Underworld USA, le dernier opus de James Ellroy, le pape du roman noir, met un point final à sa trilogie éponyme inaugurée quinze ans plus tôt avec American Tabloïd, suivi par American Death Trip en 2001. Dans cette trilogie, Ellroy a voulu explorer « les égouts de l’histoire américaine » ‘ ce sont ses propres termes ‘ entre la fin des années 1950 et le début des années 1970. Son dernier-né couvre la période qui va de 1968 à 1972, soit de l’assassinat de Robert Kennedy et de Martin Luther King au cambriolage du Watergate.
Impossible de résumer toutes les intrigues qui courent dans ce roman de près de 900 pages. Disons, pour en donner une idée très sommaire, qu’il s’agira pour l’un ou l’autre des principaux protagonistes ‘ trois hommes au passé chargé ‘ de mettre la main sur le butin d’un braquage survenu en 1964, de blanchir l’argent provenant de la vente de casinos appartenant à la mafia, de relocaliser les maisons de jeu dans une dictature de l’Amérique latine, d’infiltrer des groupuscules d’activistes noirs pour les discréditer et de retrouver des gauchistes en cavale. Au cœur de ces différentes intrigues grouille une nuée de personnages réels (Hoover, Nixon, Giancana, etc.) et fictifs : policiers pourris, agitateurs politiques douteux, exécuteurs à la petite semaine, racistes fanatisés, mafiosi en cheville avec le pouvoir, politiciens corrompus, passionarias de la Révolution déguisées en femmes fatales.
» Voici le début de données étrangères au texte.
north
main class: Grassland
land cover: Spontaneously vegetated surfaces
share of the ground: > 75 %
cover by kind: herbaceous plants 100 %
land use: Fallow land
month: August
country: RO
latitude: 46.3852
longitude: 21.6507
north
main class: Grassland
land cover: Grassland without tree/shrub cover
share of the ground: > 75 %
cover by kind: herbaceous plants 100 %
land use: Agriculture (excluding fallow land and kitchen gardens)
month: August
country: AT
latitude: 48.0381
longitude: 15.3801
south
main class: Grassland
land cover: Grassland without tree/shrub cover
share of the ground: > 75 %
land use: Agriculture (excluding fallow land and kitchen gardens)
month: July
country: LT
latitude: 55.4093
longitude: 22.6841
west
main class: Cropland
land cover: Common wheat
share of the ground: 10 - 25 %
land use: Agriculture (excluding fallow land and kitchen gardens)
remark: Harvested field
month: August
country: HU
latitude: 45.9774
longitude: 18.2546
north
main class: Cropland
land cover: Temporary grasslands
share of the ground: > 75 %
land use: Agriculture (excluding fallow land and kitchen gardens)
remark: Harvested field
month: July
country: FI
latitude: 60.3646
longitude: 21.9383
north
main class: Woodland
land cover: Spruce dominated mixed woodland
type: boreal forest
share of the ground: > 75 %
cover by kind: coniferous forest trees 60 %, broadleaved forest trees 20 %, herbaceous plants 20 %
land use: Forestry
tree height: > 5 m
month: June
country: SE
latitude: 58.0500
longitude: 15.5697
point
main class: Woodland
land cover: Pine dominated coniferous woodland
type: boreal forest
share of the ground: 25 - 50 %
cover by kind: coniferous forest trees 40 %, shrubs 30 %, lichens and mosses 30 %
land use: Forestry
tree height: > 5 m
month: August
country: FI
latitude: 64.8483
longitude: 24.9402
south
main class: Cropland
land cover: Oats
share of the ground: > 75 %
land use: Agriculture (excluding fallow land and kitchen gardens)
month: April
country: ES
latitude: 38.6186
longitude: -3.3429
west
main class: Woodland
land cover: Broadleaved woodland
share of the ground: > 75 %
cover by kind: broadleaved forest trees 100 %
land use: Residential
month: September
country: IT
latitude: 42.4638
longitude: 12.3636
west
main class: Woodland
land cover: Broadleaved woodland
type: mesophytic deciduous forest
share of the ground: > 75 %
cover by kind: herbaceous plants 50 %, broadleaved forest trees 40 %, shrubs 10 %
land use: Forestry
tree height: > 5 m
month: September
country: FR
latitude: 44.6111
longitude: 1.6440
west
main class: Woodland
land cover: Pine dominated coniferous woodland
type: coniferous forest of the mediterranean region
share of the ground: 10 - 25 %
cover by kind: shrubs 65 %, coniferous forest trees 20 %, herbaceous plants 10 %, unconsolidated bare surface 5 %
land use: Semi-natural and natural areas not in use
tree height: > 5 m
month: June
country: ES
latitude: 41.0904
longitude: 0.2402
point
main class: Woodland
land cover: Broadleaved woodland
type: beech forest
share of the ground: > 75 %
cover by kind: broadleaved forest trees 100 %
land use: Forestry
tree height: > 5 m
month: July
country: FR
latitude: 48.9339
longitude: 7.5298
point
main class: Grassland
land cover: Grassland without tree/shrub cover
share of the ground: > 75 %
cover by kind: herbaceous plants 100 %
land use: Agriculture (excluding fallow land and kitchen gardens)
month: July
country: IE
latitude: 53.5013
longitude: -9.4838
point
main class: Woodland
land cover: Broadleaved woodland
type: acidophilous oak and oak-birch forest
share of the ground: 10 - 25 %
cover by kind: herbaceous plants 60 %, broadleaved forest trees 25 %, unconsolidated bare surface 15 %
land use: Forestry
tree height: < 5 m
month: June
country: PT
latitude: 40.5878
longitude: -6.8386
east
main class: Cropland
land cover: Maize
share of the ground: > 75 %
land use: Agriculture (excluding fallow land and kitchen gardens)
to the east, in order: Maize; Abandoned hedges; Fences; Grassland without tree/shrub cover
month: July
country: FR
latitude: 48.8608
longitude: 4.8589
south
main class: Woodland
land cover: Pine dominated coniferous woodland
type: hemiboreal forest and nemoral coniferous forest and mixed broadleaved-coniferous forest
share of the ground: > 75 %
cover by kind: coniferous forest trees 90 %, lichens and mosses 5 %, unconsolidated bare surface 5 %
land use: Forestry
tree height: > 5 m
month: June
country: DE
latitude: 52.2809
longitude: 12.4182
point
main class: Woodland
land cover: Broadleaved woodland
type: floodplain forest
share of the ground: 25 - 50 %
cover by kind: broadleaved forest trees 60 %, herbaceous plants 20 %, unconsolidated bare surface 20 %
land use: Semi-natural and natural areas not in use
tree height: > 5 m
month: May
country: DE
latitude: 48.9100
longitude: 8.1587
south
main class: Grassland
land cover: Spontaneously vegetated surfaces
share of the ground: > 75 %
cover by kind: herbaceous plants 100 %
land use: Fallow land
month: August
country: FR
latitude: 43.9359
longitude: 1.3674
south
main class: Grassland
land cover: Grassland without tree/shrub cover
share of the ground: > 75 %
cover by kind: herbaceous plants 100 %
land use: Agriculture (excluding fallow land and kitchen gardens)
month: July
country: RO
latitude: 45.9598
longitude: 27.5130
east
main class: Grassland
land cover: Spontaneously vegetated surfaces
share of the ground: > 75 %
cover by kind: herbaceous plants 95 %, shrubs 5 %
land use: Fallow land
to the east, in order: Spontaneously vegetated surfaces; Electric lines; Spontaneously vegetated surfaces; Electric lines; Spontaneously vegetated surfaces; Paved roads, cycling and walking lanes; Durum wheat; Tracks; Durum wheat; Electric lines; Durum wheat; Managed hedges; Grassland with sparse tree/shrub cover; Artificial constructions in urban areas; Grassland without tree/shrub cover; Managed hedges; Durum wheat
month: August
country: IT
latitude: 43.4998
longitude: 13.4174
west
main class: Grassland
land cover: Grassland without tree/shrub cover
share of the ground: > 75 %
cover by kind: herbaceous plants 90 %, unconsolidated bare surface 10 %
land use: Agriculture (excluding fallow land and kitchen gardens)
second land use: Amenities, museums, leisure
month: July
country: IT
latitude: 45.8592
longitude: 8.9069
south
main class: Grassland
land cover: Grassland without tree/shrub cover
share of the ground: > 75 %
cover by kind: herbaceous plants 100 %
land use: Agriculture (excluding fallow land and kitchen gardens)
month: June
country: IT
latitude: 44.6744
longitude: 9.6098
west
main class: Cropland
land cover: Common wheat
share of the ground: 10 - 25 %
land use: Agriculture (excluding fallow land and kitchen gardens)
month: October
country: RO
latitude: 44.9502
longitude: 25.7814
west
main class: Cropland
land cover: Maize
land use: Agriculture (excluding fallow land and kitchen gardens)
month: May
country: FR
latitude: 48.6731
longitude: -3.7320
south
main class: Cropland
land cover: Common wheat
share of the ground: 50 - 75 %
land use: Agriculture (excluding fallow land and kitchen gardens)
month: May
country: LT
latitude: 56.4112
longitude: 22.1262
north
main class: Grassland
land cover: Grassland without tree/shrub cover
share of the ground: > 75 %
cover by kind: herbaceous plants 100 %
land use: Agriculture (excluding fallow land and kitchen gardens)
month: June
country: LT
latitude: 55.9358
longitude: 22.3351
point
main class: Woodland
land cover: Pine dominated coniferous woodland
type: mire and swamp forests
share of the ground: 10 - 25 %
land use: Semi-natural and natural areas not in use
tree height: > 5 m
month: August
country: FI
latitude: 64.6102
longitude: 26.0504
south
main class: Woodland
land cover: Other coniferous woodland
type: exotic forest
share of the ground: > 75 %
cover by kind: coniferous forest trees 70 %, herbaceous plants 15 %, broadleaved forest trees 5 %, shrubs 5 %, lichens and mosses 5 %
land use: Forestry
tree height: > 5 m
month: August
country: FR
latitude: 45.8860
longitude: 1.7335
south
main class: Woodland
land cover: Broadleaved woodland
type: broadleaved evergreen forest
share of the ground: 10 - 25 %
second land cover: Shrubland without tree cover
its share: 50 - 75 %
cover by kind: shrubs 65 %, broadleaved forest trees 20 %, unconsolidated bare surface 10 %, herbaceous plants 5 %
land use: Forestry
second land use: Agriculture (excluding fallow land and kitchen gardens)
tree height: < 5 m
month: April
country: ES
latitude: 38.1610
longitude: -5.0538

Au final, que reste-t-il de cette virée dans un univers où les forces du mal et celles du bien jouent la même partie sanglante ? Si l’on reste admiratif devant l’art que démontre Ellroy dans l’élaboration des intrigues touffues et complexes jusqu’à s’y perdre, on n’est pas toujours convaincu par les personnages eux-mêmes. Non pas tant en raison des innombrables retournements et trahisons auxquels ils se livrent entre eux, mais en raison surtout de l’incohérence psychologique qui en résulte. Ici l’excès tue la vraisemblance. Plus lisible qu’American Death Trip, mais moins passionnant qu’American Tabloïd, Underworld USA n’est pas le chef-d’œuvre que certains ont annoncé. Pour renouer avec le grand Ellroy, peut être faudra-t-il attendre la suite de son autobiographie annoncée pour l’an prochain.